Friday, July 9, 2010

Co-Teaching for Effective ESL and Gen Ed Collaboration

Rita.JPGBy Rita MaAlthough our Boston TESOL Convention was months ago now, the excitement engendered by a few presentations continues to infuse my work with teachers in local schools, most notably the presentation by Andrea Honigsfeld and Maria Dove on co-teaching, based on their article ESL Coteaching and Collaboration: Opportunities to Develop Teacher Leadership and Enhance Student Learning in the March 2010 issue of TESOL Journal. In both their article and their presentation, Honigsfeld and Dove make clear the disadvantages of the pull-out model of ESL instruction and advocate a move toward selective coteaching and collaboration in the gen ed classroom. They make clear that the fragmentation in content lessons and the relative disengagement between the ELL and the classroom teacher cost ELLs dearly and slow their learning at a time when they need to be learning at twice the rate of their English-speaking peers. In response to the often-heard objection from administrators (“We can’t afford enough ESL teachers to have one in every classroom.”), they provide examples of staffing patterns that, through selective placement of students and ESL teachers, maximize the benefit of ESL teacher knowledge and skill for colleagues and students without increasing ESL teacher time or teaching load.

 

The topic of coteaching seems to be gaining interest, and I’m so glad! We have known for many years that the pull-out model is the least effective approach to ESL instruction, yet many ESL teachers and school administrators have not had the opportunity to explore alternative models. In schools where the ESL population has reached ‘the tipping point’ and everyone has had ample opportunity to experience the high cost of the pullout model (monetary cost, teacher isolation and blurred lines of responsibility, fragmentation of student learning), faculty are experimenting successfully with various models of coteaching.

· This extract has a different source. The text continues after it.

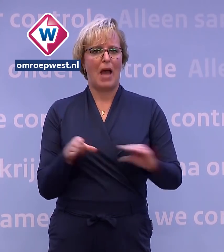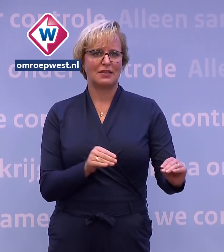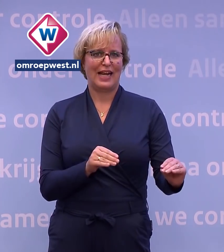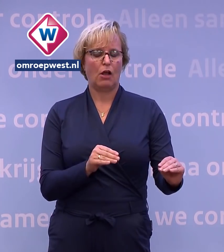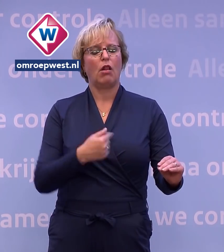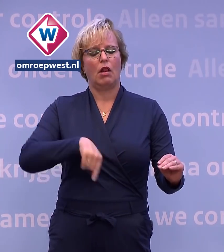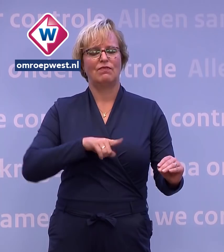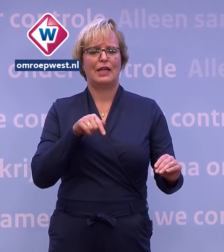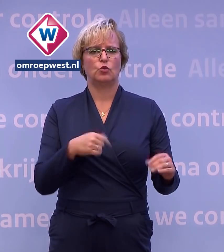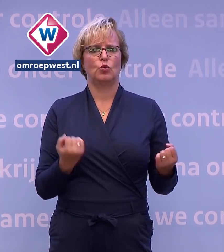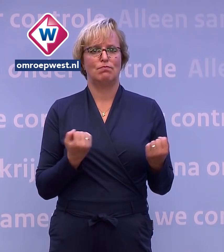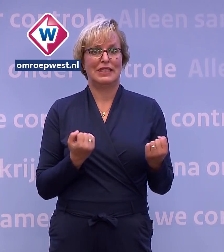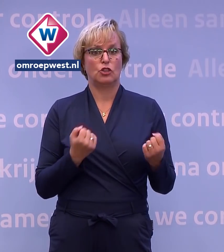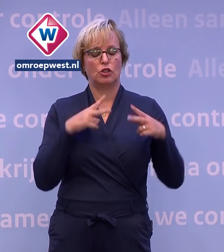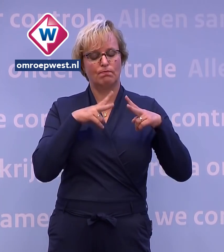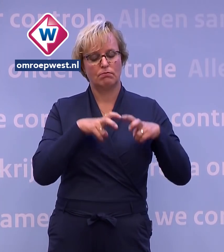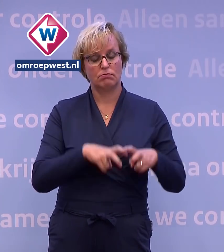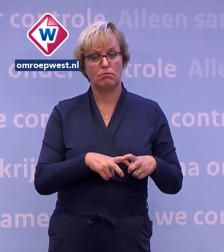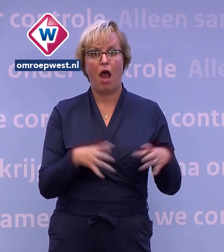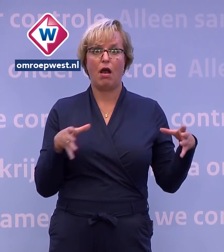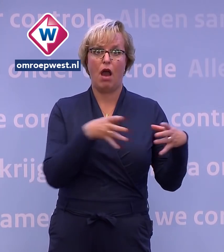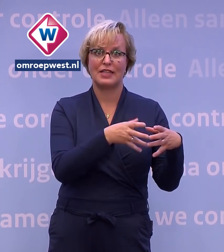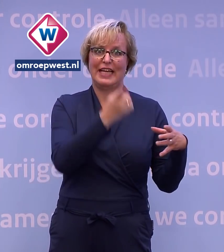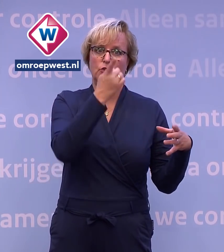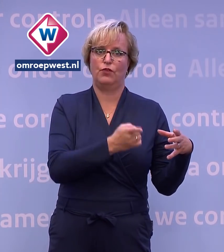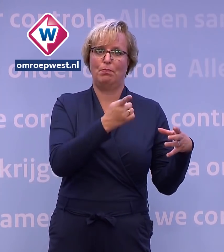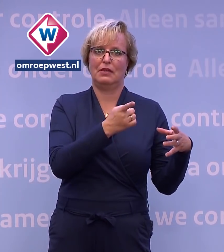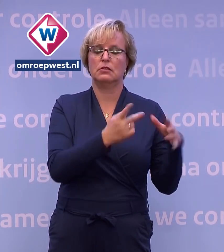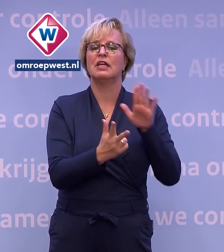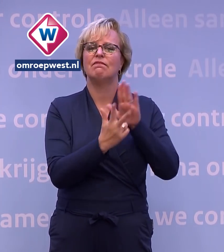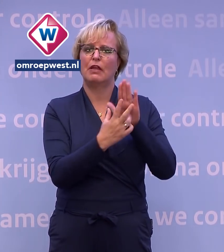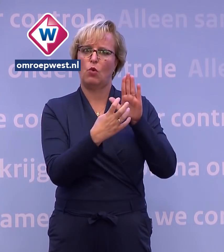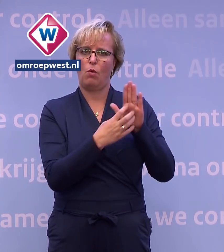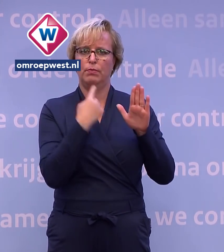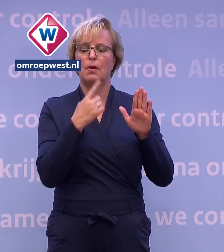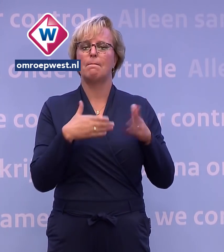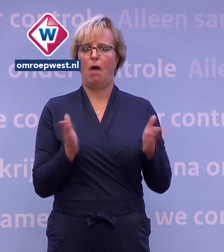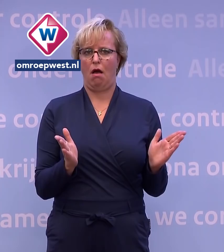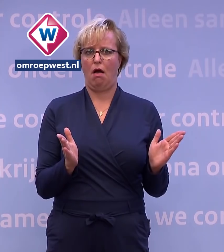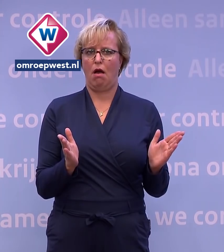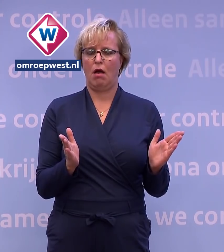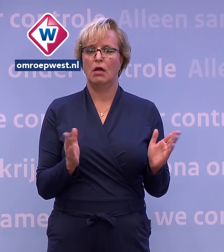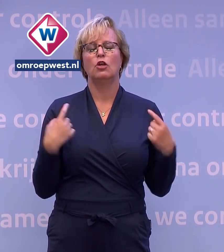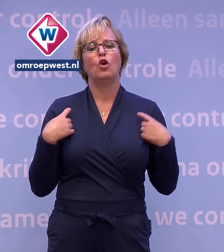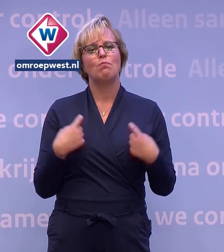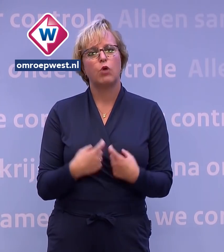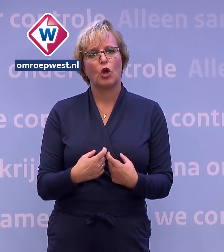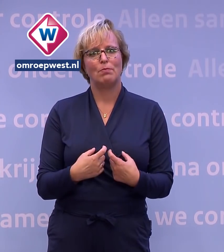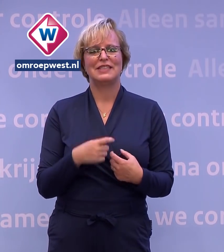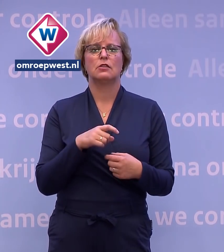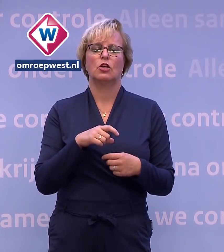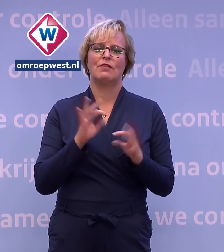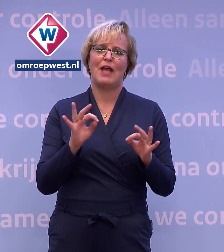onderzoeken we nu of we in zo'n geval quarantaine kunnen verplichten. De huidige wet maakt dat al mogelijk. En met de burgemeesters, met de

Rather than the “ESL teacher in every classroom’ model feared by those responsible for the school budget, we see an ESL teacher coteaching social studies in the fifth grade classroom, math in the third grade classroom, and science in the fourth grade classroom, while doing explicit instruction for low-level ELLs in a newcomers classroom. This is very different from what some have called the ‘push-in’ model, where the ESL teacher gathers the ELLs into a corner and, in whispered tones, teaches something parallel to the ongoing lesson. Instead, as coteachers, the ESL and gen ed teacher plan the lesson together, mix ELLs and others into different small groups, and share responsibility for all the students in the room throughout the lesson. This way, gen ed teachers learn the scaffolding strategies needed to make lessons comprehensible and effective for ELLs, ESL teachers are able to identify and teach the necessary academic language of that content area, and all students in the room benefit from the explicit focus on language development.

 

In each setting in which I’ve coached and observed coteaching teams, teachers remark that all of their students benefitted, and both teachers express their pleasure in having learned from one another. If you’re interested in learning more, I recommend Honigsfeld and Dove’s book, Collaboration and Co-Teaching: Strategies for English Learners, to be released in August from Corwin Press. I’ll bet you’ll be as excited as I am about the new possibilities!

 

--Rita MacDonald,

Vermont State Rep.

1:46 pm edt 

Tuesday, June 1, 2010

Subbing Post-Retirement

linda.JPGI retired in June of 2009 as the ESL teacher of the Wells-Ogunquit CSD.  It’s been a good year with a first visit to Italy and lots of grandparent time.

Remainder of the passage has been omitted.